**WORK TO BE COMPLETED:**
Return only those lines of the records below in which "wood" appears.

+ + +

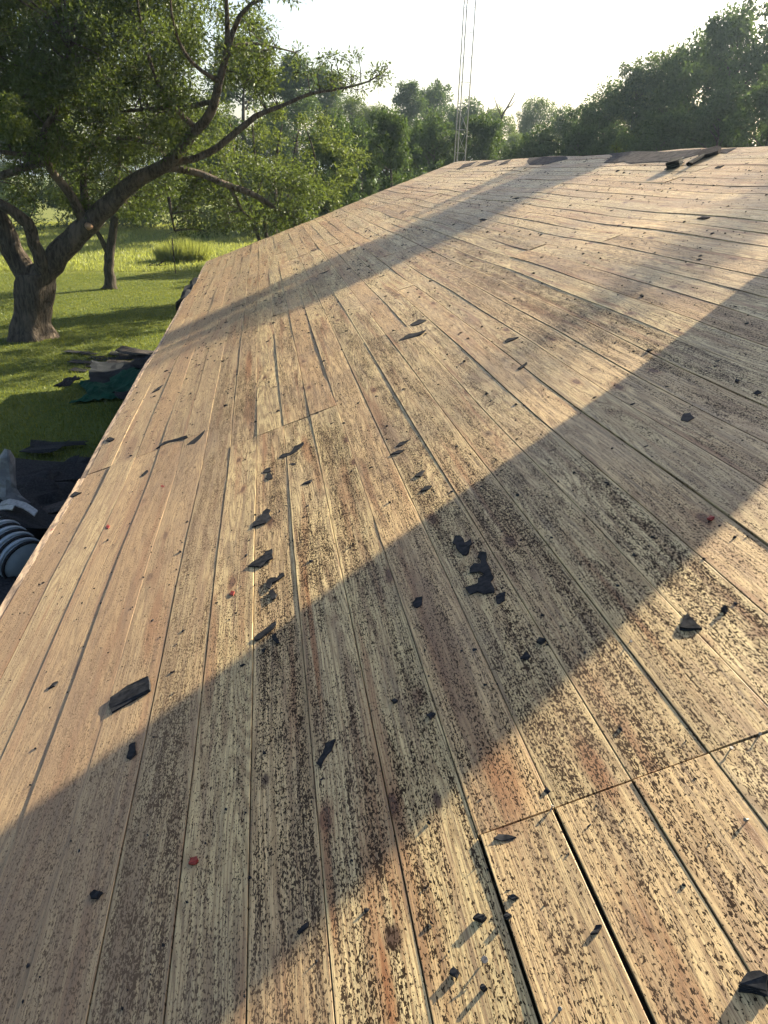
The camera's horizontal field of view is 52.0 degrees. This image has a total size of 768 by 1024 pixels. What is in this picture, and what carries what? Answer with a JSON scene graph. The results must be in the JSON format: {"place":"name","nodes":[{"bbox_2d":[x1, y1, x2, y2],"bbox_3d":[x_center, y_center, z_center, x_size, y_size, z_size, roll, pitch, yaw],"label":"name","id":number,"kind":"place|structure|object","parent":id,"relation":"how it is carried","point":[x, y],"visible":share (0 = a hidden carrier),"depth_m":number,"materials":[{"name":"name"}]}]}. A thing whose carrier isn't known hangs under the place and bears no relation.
{"place":"outdoors","nodes":[
{"label":"outdoors","id":0,"kind":"place"},
{"bbox_2d":[0,221,291,271],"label":"field grass","id":1,"kind":"structure","parent":0,"point":[89,247],"depth_m":50.84,"materials":[{"name":"green"}]},
{"bbox_2d":[0,175,377,461],"bbox_3d":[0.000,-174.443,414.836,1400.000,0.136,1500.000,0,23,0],"label":"ground","id":2,"kind":"structure","parent":0,"point":[50,212],"depth_m":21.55,"materials":[{"name":"plant"}]},
{"bbox_2d":[0,141,46,210],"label":"tree","id":3,"kind":"object","parent":2,"relation":"on","point":[3,164],"visible":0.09,"depth_m":69.23,"materials":[{"name":"green plant"}]},
{"bbox_2d":[19,440,69,452],"bbox_3d":[-5.766,-1.124,13.365,0.820,0.164,0.330,3,21,13],"label":"felt sheet","id":4,"kind":"object","parent":2,"relation":"on","point":[47,448],"visible":0.97,"depth_m":13.30,"materials":[{"name":"fabric"}]},
{"bbox_2d":[0,455,90,588],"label":"felt heap","id":5,"kind":"object","parent":2,"relation":"on","point":[41,489],"visible":0.11,"depth_m":10.48,"materials":[{"name":"fabric"}]},
{"bbox_2d":[0,582,14,605],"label":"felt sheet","id":6,"kind":"object","parent":5,"relation":"on","point":[4,591],"visible":0.07,"depth_m":8.05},
{"bbox_2d":[0,505,14,509],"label":"metal strip","id":7,"kind":"object","parent":5,"relation":"on","point":[7,507],"visible":1,"depth_m":9.67,"materials":[{"name":"metal"}]},
{"bbox_2d":[0,449,30,502],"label":"grey sheet","id":8,"kind":"object","parent":5,"relation":"on","point":[8,488],"visible":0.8,"depth_m":9.91,"materials":[{"name":"fabric"}]},
{"bbox_2d":[0,499,37,516],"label":"metal strip","id":9,"kind":"object","parent":5,"relation":"on","point":[30,509],"visible":1,"depth_m":9.62,"materials":[{"name":"metal"}]},
{"bbox_2d":[0,517,39,578],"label":"ribbed drum","id":10,"kind":"object","parent":5,"relation":"on","point":[19,543],"visible":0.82,"depth_m":8.87,"materials":[{"name":"grey plastic"}]},
{"bbox_2d":[0,504,54,528],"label":"felt sheet","id":11,"kind":"object","parent":5,"relation":"on","point":[42,519],"visible":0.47,"depth_m":9.61,"materials":[{"name":"fabric"}]},
{"bbox_2d":[16,454,81,488],"bbox_3d":[-4.835,-0.567,11.084,1.144,0.221,0.623,-5,28,-28],"label":"felt sheet","id":12,"kind":"object","parent":5,"relation":"on","point":[68,469],"visible":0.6,"depth_m":11.21,"materials":[{"name":"fabric"}]},
{"bbox_2d":[15,458,87,474],"bbox_3d":[-4.878,-0.642,11.626,1.269,0.066,0.597,4,30,-10],"label":"felt sheet","id":13,"kind":"object","parent":5,"relation":"on","point":[24,464],"visible":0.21,"depth_m":11.72,"materials":[{"name":"fabric"}]},
{"bbox_2d":[43,500,65,513],"bbox_3d":[-4.313,-0.073,10.142,0.821,0.085,0.468,-18,21,-20],"label":"felt sheet","id":14,"kind":"object","parent":5,"relation":"on","point":[53,508],"visible":0.3,"depth_m":10.05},
{"bbox_2d":[30,440,86,446],"bbox_3d":[-5.632,-1.205,13.663,0.932,0.078,0.221,-5,28,-18],"label":"felt sheet","id":15,"kind":"object","parent":2,"relation":"on","point":[35,443],"visible":0.83,"depth_m":13.64,"materials":[{"name":"fabric"}]},
{"bbox_2d":[53,375,82,388],"bbox_3d":[-6.624,-2.731,16.525,0.359,0.176,0.538,17,29,35],"label":"felt sheet","id":16,"kind":"object","parent":2,"relation":"on","point":[67,381],"visible":1,"depth_m":16.50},
{"bbox_2d":[36,139,104,210],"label":"tree","id":17,"kind":"object","parent":2,"relation":"on","point":[72,181],"visible":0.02,"depth_m":67.64,"materials":[{"name":"green plant"}]},
{"bbox_2d":[63,350,88,352],"bbox_3d":[-7.999,-4.195,20.608,0.734,0.026,0.292,6,21,12],"label":"shingle piece","id":18,"kind":"object","parent":2,"relation":"on","point":[72,351],"visible":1,"depth_m":20.59,"materials":[{"name":"black fabric"}]},
{"bbox_2d":[69,367,88,371],"bbox_3d":[-7.272,-3.404,18.821,0.458,0.024,0.264,7,25,13],"label":"shingle piece","id":19,"kind":"object","parent":2,"relation":"on","point":[79,369],"visible":0.95,"depth_m":18.81,"materials":[{"name":"black fabric"}]},
{"bbox_2d":[67,359,99,363],"bbox_3d":[-7.482,-3.742,19.589,0.689,0.024,0.434,4,20,5],"label":"shingle piece","id":20,"kind":"object","parent":2,"relation":"on","point":[80,361],"visible":0.73,"depth_m":19.52,"materials":[{"name":"black fabric"}]},
{"bbox_2d":[69,367,141,402],"bbox_3d":[-4.947,-2.845,17.052,3.631,0.453,2.260,-2,23,-5],"label":"tarp","id":21,"kind":"object","parent":2,"relation":"on","point":[123,380],"visible":0.29,"depth_m":16.90,"materials":[{"name":"plastic"}]},
{"bbox_2d":[89,354,151,382],"bbox_3d":[-5.591,-3.250,17.833,2.060,0.453,1.197,-6,24,-13],"label":"tarp lining","id":22,"kind":"object","parent":21,"relation":"on","point":[102,372],"visible":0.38,"depth_m":17.84,"materials":[{"name":"silver fabric"}]},
{"bbox_2d":[112,390,129,399],"bbox_3d":[-5.077,-2.492,16.090,0.891,0.188,0.554,-15,28,-31],"label":"felt sheet","id":23,"kind":"object","parent":21,"relation":"on","point":[121,395],"visible":0.36,"depth_m":15.87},
{"bbox_2d":[129,359,146,368],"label":"felt sheet","id":24,"kind":"object","parent":21,"relation":"on","point":[138,363],"visible":0.27,"depth_m":17.29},
{"bbox_2d":[94,356,136,360],"bbox_3d":[-6.812,-3.899,19.954,1.036,0.020,0.366,-3,22,-1],"label":"shingle piece","id":25,"kind":"object","parent":2,"relation":"on","point":[114,358],"visible":0.97,"depth_m":19.92,"materials":[{"name":"black fabric"}]},
{"bbox_2d":[106,360,130,362],"bbox_3d":[-6.470,-3.691,19.472,0.835,0.020,0.551,2,24,-3],"label":"shingle piece","id":26,"kind":"object","parent":2,"relation":"on","point":[112,361],"visible":0.32,"depth_m":19.60,"materials":[{"name":"fabric"}]},
{"bbox_2d":[38,101,203,289],"bbox_3d":[-9.998,-12.503,31.253,7.392,7.244,7.287,0,23,0],"label":"young shade tree","id":27,"kind":"object","parent":2,"relation":"on","point":[108,247],"visible":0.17,"depth_m":31.46,"materials":[{"name":"green plant"}]},
{"bbox_2d":[101,145,156,221],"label":"tree","id":28,"kind":"object","parent":2,"relation":"on","point":[129,167],"visible":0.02,"depth_m":69.27,"materials":[{"name":"green plant"}]},
{"bbox_2d":[116,354,143,358],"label":"shingle sheet","id":29,"kind":"object","parent":2,"relation":"on","point":[128,355],"visible":0.39,"depth_m":20.09,"materials":[{"name":"fabric"}]},
{"bbox_2d":[150,235,214,262],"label":"grass clump","id":30,"kind":"object","parent":2,"relation":"on","point":[191,251],"visible":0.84,"depth_m":41.49,"materials":[{"name":"green"}]},
{"bbox_2d":[0,0,395,342],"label":"shade tree","id":31,"kind":"object","parent":2,"relation":"on","point":[43,88],"visible":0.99,"depth_m":19.70,"materials":[{"name":"green plant"}]},
{"bbox_2d":[0,174,417,230],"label":"undergrowth","id":32,"kind":"object","parent":2,"relation":"on","point":[52,205],"visible":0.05,"depth_m":65.95,"materials":[{"name":"green plant"}]},
{"bbox_2d":[182,108,252,225],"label":"tree","id":33,"kind":"object","parent":2,"relation":"on","point":[222,122],"visible":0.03,"depth_m":62.95,"materials":[{"name":"green plant"}]},
{"bbox_2d":[192,26,304,232],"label":"tree","id":34,"kind":"object","parent":2,"relation":"on","point":[235,120],"visible":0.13,"depth_m":57.88,"materials":[{"name":"green plant"}]},
{"bbox_2d":[234,118,306,231],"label":"tree","id":35,"kind":"object","parent":2,"relation":"on","point":[248,142],"visible":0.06,"depth_m":59.52,"materials":[{"name":"green plant"}]},
{"bbox_2d":[199,100,373,240],"bbox_3d":[-3.588,-10.390,27.064,6.514,6.683,5.277,0,23,0],"label":"pale leafed tree","id":36,"kind":"object","parent":2,"relation":"on","point":[338,150],"visible":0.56,"depth_m":26.27,"materials":[{"name":"green plant"}]},
{"bbox_2d":[256,52,330,219],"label":"tree","id":37,"kind":"object","parent":2,"relation":"on","point":[293,90],"visible":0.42,"depth_m":54.50,"materials":[{"name":"green plant"}]},
{"bbox_2d":[289,61,360,181],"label":"tree","id":38,"kind":"object","parent":2,"relation":"on","point":[329,100],"visible":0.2,"depth_m":68.00,"materials":[{"name":"green plant"}]},
{"bbox_2d":[293,108,379,217],"bbox_3d":[-1.823,-12.044,30.838,3.574,6.824,3.798,-11,26,-24],"label":"tree","id":39,"kind":"object","parent":2,"relation":"on","point":[323,157],"visible":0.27,"depth_m":29.61,"materials":[{"name":"green plant"}]},
{"bbox_2d":[325,92,385,196],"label":"tree","id":40,"kind":"object","parent":2,"relation":"on","point":[352,105],"visible":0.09,"depth_m":63.89,"materials":[{"name":"green plant"}]},
{"bbox_2d":[318,114,400,200],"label":"tree","id":41,"kind":"object","parent":2,"relation":"on","point":[359,129],"visible":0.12,"depth_m":41.25,"materials":[{"name":"green plant"}]},
{"bbox_2d":[352,101,410,199],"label":"tree","id":42,"kind":"object","parent":2,"relation":"on","point":[367,116],"visible":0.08,"depth_m":62.41,"materials":[{"name":"green plant"}]},
{"bbox_2d":[0,146,767,1023],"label":"roof deck","id":43,"kind":"structure","parent":2,"relation":"on","point":[642,848],"depth_m":2.60,"materials":[{"name":"wood"}]},
{"bbox_2d":[89,889,102,899],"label":"felt scrap","id":44,"kind":"object","parent":43,"relation":"on","point":[94,894],"visible":1,"depth_m":2.00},
{"bbox_2d":[109,676,150,712],"bbox_3d":[-0.906,0.652,2.809,0.161,0.023,0.136,-20,25,0],"label":"felt scrap","id":45,"kind":"object","parent":43,"relation":"on","point":[128,694],"visible":1,"depth_m":2.80,"materials":[{"name":"fabric"}]},
{"bbox_2d":[126,742,136,759],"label":"felt scrap","id":46,"kind":"object","parent":43,"relation":"on","point":[131,753],"visible":1,"depth_m":2.50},
{"bbox_2d":[156,435,187,448],"bbox_3d":[-1.524,-0.512,5.679,0.244,0.014,0.118,-20,25,0],"label":"felt scrap","id":47,"kind":"object","parent":43,"relation":"on","point":[172,440],"visible":1,"depth_m":5.67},
{"bbox_2d":[175,277,198,310],"bbox_3d":[-3.608,-3.999,14.553,0.338,0.315,2.803,-20,25,0],"label":"felt flap","id":48,"kind":"object","parent":43,"relation":"on","point":[186,291],"visible":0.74,"depth_m":14.04,"materials":[{"name":"fabric"}]},
{"bbox_2d":[188,856,198,864],"bbox_3d":[-0.484,0.887,2.002,0.028,0.008,0.028,-20,25,0],"label":"plastic cap","id":49,"kind":"object","parent":43,"relation":"on","point":[193,860],"visible":1,"depth_m":2.00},
{"bbox_2d":[187,430,204,444],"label":"felt scrap","id":50,"kind":"object","parent":43,"relation":"on","point":[196,439],"visible":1,"depth_m":5.52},
{"bbox_2d":[248,549,272,567],"bbox_3d":[-0.538,0.209,3.432,0.117,0.012,0.131,-20,25,0],"label":"felt scrap","id":51,"kind":"object","parent":43,"relation":"on","point":[263,559],"visible":1,"depth_m":3.42,"materials":[{"name":"fabric"}]},
{"bbox_2d":[252,508,271,527],"bbox_3d":[-0.598,0.028,3.859,0.101,0.011,0.164,-20,25,0],"label":"felt scrap","id":52,"kind":"object","parent":43,"relation":"on","point":[265,517],"visible":1,"depth_m":3.83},
{"bbox_2d":[254,621,275,640],"bbox_3d":[-0.436,0.438,2.892,0.088,0.014,0.076,-20,25,0],"label":"felt scrap","id":53,"kind":"object","parent":43,"relation":"on","point":[264,632],"visible":1,"depth_m":2.88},
{"bbox_2d":[268,588,276,599],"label":"felt scrap","id":54,"kind":"object","parent":43,"relation":"on","point":[272,594],"visible":1,"depth_m":3.11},
{"bbox_2d":[266,572,284,588],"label":"felt scrap","id":55,"kind":"object","parent":43,"relation":"on","point":[270,581],"visible":1,"depth_m":3.22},
{"bbox_2d":[279,442,303,457],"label":"felt scrap","id":56,"kind":"object","parent":43,"relation":"on","point":[296,448],"visible":1,"depth_m":4.62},
{"bbox_2d":[297,921,308,934],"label":"felt scrap","id":57,"kind":"object","parent":43,"relation":"on","point":[305,926],"visible":1,"depth_m":1.72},
{"bbox_2d":[317,739,335,766],"bbox_3d":[-0.160,0.673,2.193,0.063,0.011,0.089,-20,25,0],"label":"felt scrap","id":58,"kind":"object","parent":43,"relation":"on","point":[328,747],"visible":1,"depth_m":2.20,"materials":[{"name":"fabric"}]},
{"bbox_2d":[0,152,767,1010],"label":"roofing crumbs","id":59,"kind":"object","parent":43,"relation":"on","point":[546,790],"visible":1,"depth_m":6.29,"materials":[{"name":"black fabric"}]},
{"bbox_2d":[399,330,425,340],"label":"felt scrap","id":60,"kind":"object","parent":43,"relation":"on","point":[409,336],"visible":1,"depth_m":6.02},
{"bbox_2d":[412,596,422,607],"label":"felt scrap","id":61,"kind":"object","parent":43,"relation":"on","point":[417,602],"visible":1,"depth_m":2.71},
{"bbox_2d":[410,319,426,325],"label":"felt scrap","id":62,"kind":"object","parent":43,"relation":"on","point":[418,322],"visible":1,"depth_m":6.36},
{"bbox_2d":[449,966,459,978],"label":"felt scrap","id":63,"kind":"object","parent":43,"relation":"on","point":[454,972],"visible":1,"depth_m":1.51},
{"bbox_2d":[453,535,471,555],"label":"felt scrap","id":64,"kind":"object","parent":43,"relation":"on","point":[462,546],"visible":1,"depth_m":2.96,"materials":[{"name":"fabric"}]},
{"bbox_2d":[465,552,494,594],"bbox_3d":[0.330,0.217,2.747,0.127,0.009,0.279,-20,25,0],"label":"felt scrap","id":65,"kind":"object","parent":43,"relation":"on","point":[484,585],"visible":1,"depth_m":2.70,"materials":[{"name":"fabric"}]},
{"bbox_2d":[473,913,486,922],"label":"felt scrap","id":66,"kind":"object","parent":43,"relation":"on","point":[479,917],"visible":1,"depth_m":1.59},
{"bbox_2d":[495,591,505,603],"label":"felt scrap","id":67,"kind":"object","parent":43,"relation":"on","point":[500,598],"visible":1,"depth_m":2.58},
{"bbox_2d":[494,834,516,840],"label":"felt scrap","id":68,"kind":"object","parent":43,"relation":"on","point":[502,837],"visible":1,"depth_m":1.75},
{"bbox_2d":[508,894,518,900],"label":"felt scrap","id":69,"kind":"object","parent":43,"relation":"on","point":[513,897],"visible":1,"depth_m":1.61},
{"bbox_2d":[520,651,530,659],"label":"felt scrap","id":70,"kind":"object","parent":43,"relation":"on","point":[526,656],"visible":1,"depth_m":2.28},
{"bbox_2d":[537,637,546,644],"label":"felt scrap","id":71,"kind":"object","parent":43,"relation":"on","point":[540,640],"visible":1,"depth_m":2.31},
{"bbox_2d":[527,156,567,164],"bbox_3d":[2.859,-6.474,14.534,0.450,0.037,2.597,-20,25,0],"label":"felt strip","id":72,"kind":"object","parent":43,"relation":"on","point":[539,160],"visible":1,"depth_m":14.18,"materials":[{"name":"fabric"}]},
{"bbox_2d":[590,924,601,934],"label":"felt scrap","id":73,"kind":"object","parent":43,"relation":"on","point":[597,929],"visible":1,"depth_m":1.50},
{"bbox_2d":[604,149,700,163],"bbox_3d":[3.486,-4.823,10.698,0.570,0.037,3.118,-20,25,0],"label":"felt strip","id":74,"kind":"object","parent":43,"relation":"on","point":[645,156],"visible":0.86,"depth_m":10.36,"materials":[{"name":"fabric"}]},
{"bbox_2d":[664,157,683,169],"bbox_3d":[3.356,-4.035,9.094,0.196,0.088,0.249,-2,30,34],"label":"shingle stack","id":75,"kind":"object","parent":43,"relation":"on","point":[671,163],"visible":1,"depth_m":9.03,"materials":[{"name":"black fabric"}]},
{"bbox_2d":[681,413,693,421],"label":"felt scrap","id":76,"kind":"object","parent":43,"relation":"on","point":[687,417],"visible":1,"depth_m":3.35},
{"bbox_2d":[679,613,701,630],"bbox_3d":[0.837,0.310,2.184,0.052,0.017,0.083,-20,25,0],"label":"felt scrap","id":77,"kind":"object","parent":43,"relation":"on","point":[688,623],"visible":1,"depth_m":2.17,"materials":[{"name":"fabric"}]},
{"bbox_2d":[686,154,704,166],"bbox_3d":[3.514,-3.960,8.862,0.352,0.049,0.068,-37,29,-32],"label":"felt roll","id":78,"kind":"object","parent":43,"relation":"on","point":[695,160],"visible":1,"depth_m":8.82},
{"bbox_2d":[698,145,721,158],"bbox_3d":[3.750,-4.148,9.069,0.248,0.047,0.463,-5,29,29],"label":"felt bundle","id":79,"kind":"object","parent":43,"relation":"on","point":[712,151],"visible":0.88,"depth_m":9.01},
{"bbox_2d":[720,148,735,153],"bbox_3d":[3.867,-4.082,8.905,0.170,0.016,0.320,-20,25,0],"label":"felt strip","id":80,"kind":"object","parent":43,"relation":"on","point":[726,151],"visible":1,"depth_m":8.87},
{"bbox_2d":[738,970,767,996],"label":"felt scrap","id":81,"kind":"object","parent":43,"relation":"on","point":[755,982],"visible":1,"depth_m":1.32,"materials":[{"name":"fabric"}]},
{"bbox_2d":[344,104,426,202],"bbox_3d":[0.211,-12.861,32.423,3.521,7.090,3.647,-16,28,-33],"label":"tree","id":82,"kind":"object","parent":2,"relation":"on","point":[391,128],"visible":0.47,"depth_m":31.31,"materials":[{"name":"green plant"}]},
{"bbox_2d":[385,78,428,176],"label":"tree","id":83,"kind":"object","parent":2,"relation":"on","point":[410,106],"visible":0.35,"depth_m":67.02,"materials":[{"name":"green plant"}]},
{"bbox_2d":[381,118,447,181],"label":"tree","id":84,"kind":"object","parent":2,"relation":"on","point":[417,123],"visible":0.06,"depth_m":41.37,"materials":[{"name":"green plant"}]},
{"bbox_2d":[395,108,478,179],"bbox_3d":[2.580,-16.630,40.623,4.922,7.520,5.231,-12,26,-26],"label":"tree","id":85,"kind":"object","parent":2,"relation":"on","point":[443,141],"visible":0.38,"depth_m":39.34,"materials":[{"name":"green plant"}]},
{"bbox_2d":[410,78,469,170],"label":"tree","id":86,"kind":"object","parent":2,"relation":"on","point":[436,94],"visible":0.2,"depth_m":70.56,"materials":[{"name":"green plant"}]},
{"bbox_2d":[435,95,485,169],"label":"tree","id":87,"kind":"object","parent":2,"relation":"on","point":[473,107],"visible":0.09,"depth_m":65.79,"materials":[{"name":"green plant"}]},
{"bbox_2d":[454,0,475,161],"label":"radio mast","id":88,"kind":"object","parent":2,"relation":"on","point":[462,69],"visible":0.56,"depth_m":22.01,"materials":[{"name":"metal"}]},
{"bbox_2d":[446,110,516,162],"bbox_3d":[4.921,-16.577,40.580,4.632,7.462,4.798,2,23,4],"label":"tree","id":89,"kind":"object","parent":2,"relation":"on","point":[489,132],"visible":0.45,"depth_m":39.12,"materials":[{"name":"green plant"}]},
{"bbox_2d":[471,104,521,158],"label":"tree","id":90,"kind":"object","parent":2,"relation":"on","point":[511,127],"visible":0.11,"depth_m":63.64,"materials":[{"name":"green plant"}]},
{"bbox_2d":[494,92,515,159],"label":"dead tree","id":91,"kind":"object","parent":2,"relation":"on","point":[504,111],"visible":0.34,"depth_m":44.58,"materials":[{"name":"wood"}]},
{"bbox_2d":[497,130,524,155],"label":"tree","id":92,"kind":"object","parent":2,"relation":"on","point":[513,137],"visible":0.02,"depth_m":63.03,"materials":[{"name":"green plant"}]},
{"bbox_2d":[503,94,560,152],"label":"tree","id":93,"kind":"object","parent":2,"relation":"on","point":[530,117],"visible":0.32,"depth_m":68.92,"materials":[{"name":"green plant"}]},
{"bbox_2d":[500,122,568,159],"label":"tree","id":94,"kind":"object","parent":2,"relation":"on","point":[529,148],"visible":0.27,"depth_m":37.86,"materials":[{"name":"green plant"}]},
{"bbox_2d":[545,102,578,154],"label":"tree","id":95,"kind":"object","parent":2,"relation":"on","point":[560,119],"visible":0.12,"depth_m":53.51,"materials":[{"name":"green plant"}]},
{"bbox_2d":[547,122,602,155],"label":"tree","id":96,"kind":"object","parent":2,"relation":"on","point":[578,140],"visible":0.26,"depth_m":37.64,"materials":[{"name":"green plant"}]},
{"bbox_2d":[564,103,591,155],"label":"tree","id":97,"kind":"object","parent":2,"relation":"on","point":[579,106],"depth_m":50.20,"materials":[{"name":"green plant"}]},
{"bbox_2d":[557,75,624,155],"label":"tree","id":98,"kind":"object","parent":2,"relation":"on","point":[584,114],"visible":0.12,"depth_m":42.63,"materials":[{"name":"green plant"}]},
{"bbox_2d":[587,119,645,154],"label":"tree","id":99,"kind":"object","parent":2,"relation":"on","point":[608,142],"visible":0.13,"depth_m":34.12,"materials":[{"name":"green plant"}]},
{"bbox_2d":[589,61,668,148],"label":"tree","id":100,"kind":"object","parent":2,"relation":"on","point":[631,103],"visible":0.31,"depth_m":40.27,"materials":[{"name":"green plant"}]},
{"bbox_2d":[599,40,706,149],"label":"tree","id":101,"kind":"object","parent":2,"relation":"on","point":[652,63],"visible":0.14,"depth_m":40.08,"materials":[{"name":"green plant"}]},
{"bbox_2d":[625,107,696,151],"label":"tree","id":102,"kind":"object","parent":2,"relation":"on","point":[665,129],"visible":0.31,"depth_m":32.11,"materials":[{"name":"green plant"}]},
{"bbox_2d":[628,23,726,150],"bbox_3d":[15.365,-18.404,40.155,6.322,11.359,5.949,-16,28,-33],"label":"tree","id":103,"kind":"object","parent":2,"relation":"on","point":[673,85],"visible":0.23,"depth_m":38.34,"materials":[{"name":"green plant"}]},
{"bbox_2d":[658,0,767,149],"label":"tree","id":104,"kind":"object","parent":2,"relation":"on","point":[727,32],"visible":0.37,"depth_m":34.33,"materials":[{"name":"green plant"}]},
{"bbox_2d":[676,74,755,148],"bbox_3d":[13.941,-13.787,33.215,5.144,8.216,4.841,14,27,30],"label":"tree","id":105,"kind":"object","parent":2,"relation":"on","point":[708,123],"visible":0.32,"depth_m":31.99,"materials":[{"name":"green plant"}]},
{"bbox_2d":[701,22,767,146],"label":"tree","id":106,"kind":"object","parent":2,"relation":"on","point":[760,66],"visible":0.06,"depth_m":34.48,"materials":[{"name":"green plant"}]},
{"bbox_2d":[710,63,767,146],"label":"tree","id":107,"kind":"object","parent":2,"relation":"on","point":[761,101],"visible":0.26,"depth_m":30.33,"materials":[{"name":"green plant"}]},
{"bbox_2d":[0,0,767,174],"label":"sky","id":108,"kind":"structure","parent":0,"point":[559,51],"materials":[{"name":"white"}]},
{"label":"shingle sheet","id":109,"kind":"object","parent":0,"visible":0},
{"bbox_2d":[115,345,153,354],"bbox_3d":[-6.288,-4.125,20.078,1.017,0.127,0.498,4,24,9],"label":"shingle sheet","id":110,"kind":"object","parent":109,"relation":"on","point":[127,350],"visible":0.84,"depth_m":20.01,"materials":[{"name":"fabric"}]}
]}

+ + +

**SOLUTION BELOW:**
{"bbox_2d":[0,146,767,1023],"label":"roof deck","id":43,"kind":"structure","parent":2,"relation":"on","point":[642,848],"depth_m":2.60,"materials":[{"name":"wood"}]},
{"bbox_2d":[494,92,515,159],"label":"dead tree","id":91,"kind":"object","parent":2,"relation":"on","point":[504,111],"visible":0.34,"depth_m":44.58,"materials":[{"name":"wood"}]},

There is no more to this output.